Reproduce the top of the data verbatim, through and including the line that contains "The image shows 27".

(Data records)

- - -

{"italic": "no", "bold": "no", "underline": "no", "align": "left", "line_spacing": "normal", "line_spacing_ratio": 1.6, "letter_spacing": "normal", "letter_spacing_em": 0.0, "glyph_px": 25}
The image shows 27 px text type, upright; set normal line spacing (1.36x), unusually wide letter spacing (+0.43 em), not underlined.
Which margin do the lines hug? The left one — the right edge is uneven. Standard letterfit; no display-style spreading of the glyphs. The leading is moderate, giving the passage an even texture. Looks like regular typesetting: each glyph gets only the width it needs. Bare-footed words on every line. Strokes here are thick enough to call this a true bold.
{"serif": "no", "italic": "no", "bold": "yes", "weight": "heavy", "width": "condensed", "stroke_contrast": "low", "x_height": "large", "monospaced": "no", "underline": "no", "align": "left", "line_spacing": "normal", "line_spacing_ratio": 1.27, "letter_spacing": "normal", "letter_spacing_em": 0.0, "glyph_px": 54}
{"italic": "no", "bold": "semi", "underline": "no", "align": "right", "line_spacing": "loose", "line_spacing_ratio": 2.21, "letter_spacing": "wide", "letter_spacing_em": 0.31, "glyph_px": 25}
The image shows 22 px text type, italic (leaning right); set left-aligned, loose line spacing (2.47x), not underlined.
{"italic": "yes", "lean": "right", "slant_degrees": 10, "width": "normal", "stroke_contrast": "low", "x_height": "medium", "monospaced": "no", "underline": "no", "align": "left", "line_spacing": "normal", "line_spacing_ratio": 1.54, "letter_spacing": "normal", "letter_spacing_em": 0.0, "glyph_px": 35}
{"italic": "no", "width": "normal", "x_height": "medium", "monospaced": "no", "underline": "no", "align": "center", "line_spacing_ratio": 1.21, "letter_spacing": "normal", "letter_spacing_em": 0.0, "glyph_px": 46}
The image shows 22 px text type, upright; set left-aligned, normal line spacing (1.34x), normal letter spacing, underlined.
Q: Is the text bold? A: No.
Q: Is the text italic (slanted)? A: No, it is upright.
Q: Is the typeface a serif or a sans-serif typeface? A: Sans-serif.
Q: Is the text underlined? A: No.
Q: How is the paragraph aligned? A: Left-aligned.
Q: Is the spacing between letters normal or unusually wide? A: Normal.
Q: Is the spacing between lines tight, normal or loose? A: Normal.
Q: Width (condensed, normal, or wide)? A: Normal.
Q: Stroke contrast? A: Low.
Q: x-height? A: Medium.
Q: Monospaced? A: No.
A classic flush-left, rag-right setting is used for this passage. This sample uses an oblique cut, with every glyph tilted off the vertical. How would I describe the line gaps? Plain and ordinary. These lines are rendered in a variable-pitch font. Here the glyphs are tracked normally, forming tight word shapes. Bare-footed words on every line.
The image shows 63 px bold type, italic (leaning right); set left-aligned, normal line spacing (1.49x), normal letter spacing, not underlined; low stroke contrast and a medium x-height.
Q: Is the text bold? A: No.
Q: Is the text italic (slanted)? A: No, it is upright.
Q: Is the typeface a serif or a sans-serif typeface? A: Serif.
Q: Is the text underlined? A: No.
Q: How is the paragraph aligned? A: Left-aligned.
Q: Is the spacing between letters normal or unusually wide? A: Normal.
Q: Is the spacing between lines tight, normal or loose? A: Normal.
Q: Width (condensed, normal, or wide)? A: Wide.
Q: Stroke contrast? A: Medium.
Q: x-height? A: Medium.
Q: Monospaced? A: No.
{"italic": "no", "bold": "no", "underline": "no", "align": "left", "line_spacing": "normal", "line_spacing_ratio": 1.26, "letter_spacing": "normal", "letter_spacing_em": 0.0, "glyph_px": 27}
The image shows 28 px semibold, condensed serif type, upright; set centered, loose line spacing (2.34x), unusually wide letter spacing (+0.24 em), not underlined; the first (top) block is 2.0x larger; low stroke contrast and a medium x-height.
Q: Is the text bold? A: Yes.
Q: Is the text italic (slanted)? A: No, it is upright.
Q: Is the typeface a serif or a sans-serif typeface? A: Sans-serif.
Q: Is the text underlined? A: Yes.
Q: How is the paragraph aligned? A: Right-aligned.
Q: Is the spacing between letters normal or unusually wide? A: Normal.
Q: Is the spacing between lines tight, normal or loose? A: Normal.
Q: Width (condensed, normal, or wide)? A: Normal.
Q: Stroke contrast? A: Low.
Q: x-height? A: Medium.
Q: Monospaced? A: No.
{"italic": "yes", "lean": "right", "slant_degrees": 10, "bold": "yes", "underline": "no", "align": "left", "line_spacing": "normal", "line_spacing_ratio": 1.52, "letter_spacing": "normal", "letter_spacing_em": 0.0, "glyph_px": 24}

- - -

**ANSWER BOX**
{"italic": "no", "bold": "no", "underline": "no", "align": "left", "line_spacing": "normal", "line_spacing_ratio": 1.6, "letter_spacing": "normal", "letter_spacing_em": 0.0, "glyph_px": 25}
The image shows 27 px text type, upright; set normal line spacing (1.36x), unusually wide letter spacing (+0.43 em), not underlined.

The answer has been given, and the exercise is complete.